I wouldn't say conservative, but it's not bullish either, okay? I mean, Adam, I understand what you are saying, but we're at the beginning of the year, okay? Many things can happen Regarding COVID because it's not finished. So last year, as Emmanuel said, we had more than $150,000,000 Exceptional expenses because of COVID, okay? So you need to put some caution in the bottom line regarding unexpected costs.
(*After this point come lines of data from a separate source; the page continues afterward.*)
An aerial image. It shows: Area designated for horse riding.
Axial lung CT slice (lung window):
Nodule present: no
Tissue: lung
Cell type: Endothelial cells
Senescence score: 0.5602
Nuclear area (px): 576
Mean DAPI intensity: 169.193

And if we have a rebound, I would call, not a very gradual recovery, we may need to invest a bit more money Towards the end of the year to accelerate acquisition, you can physically do that. If we physically can't, Then clearly, the money will go to the bottom line. So at this stage, we gave this range, okay, which by the way, if If the dollar stays with disease, it's not bad at all because it's 14% to 16% and the revenue line would be 8% to 11%, which will be phenomenal, I would say, so I don't think this is conservative. It's just I don't have a crystal ball to foresee everything that's happening in every month of this year, Okay. We're still not in normal situation.
That's all. So I understand And I'm just Just in
the sequence, please factor in that, I mean, as we say, we talk about a gradual recovery that we are expecting without being able to, of course, design exactly what is the trajectory. But that would mean certainly more investment in H2. Remember, we've been, of course, limited in commercial activity. As you know, we say H2 could be a better moment overall with a number of restriction being There will be also more investments queued towards the 2nd part of the year. So you have to take that into account.
And that explains as well why Q1 maybe is expected today better than one could have expected initially. But the investment will need to happen in the year.
Any case, I would love to be conservative and as the quarters unfold, we'll get more. But I think I gave the parameters. The pricing that still can come more favorable, that goes straight to the bottom line. If we have it more combustible, that's fine, goes to the bottom line, but we have to assume that. As the quarters pass,
The final question will come from the line of Robert Brampton with UBS.
What?
Hello?
Hello?
Robert, your line is open.
I don't think I'm in the queue actually. Operator, can you put Robert Rampton in queue from UBS, please?
His line is open.
Robert, can you join? Okay. We'll get back to Robert after the call, Operator, if we can just go to the final remarks. Andre, I think you have some closing remarks.
Yes. I mean, thank you all for joining. I think we had a rather complicated 2020, but the results Came out much better than I would have thought when we were talking for the first time in March. I think we look at a Very good recovery in relative terms in 2021. IQOS continues to grow strongly.
The momentum is Excellent in my view, and we will see some rebound hopefully in cigarette volumes in the next 1 to 2 years. I would love to see positive total market, maybe in 2022. And we look forward to Sharing with you more on the long term growth and more on understanding the profitability of IQOS in the next week. So have a very good day, and thank you for listening to each.
Thank you very much. I just wanted to add that, Will, if you have any follow-up questions, you can contact the Investor Relations team and look out our website for the instructions on how to log on to the Investor Day event. It starts at 8:30 Eastern Time on February 10. You can register on our website. And again, thank you very much for joining the call.
Have a nice
day. Bye.
This does conclude today's conference call. We thank you for your participation and ask that you please disconnect your lines.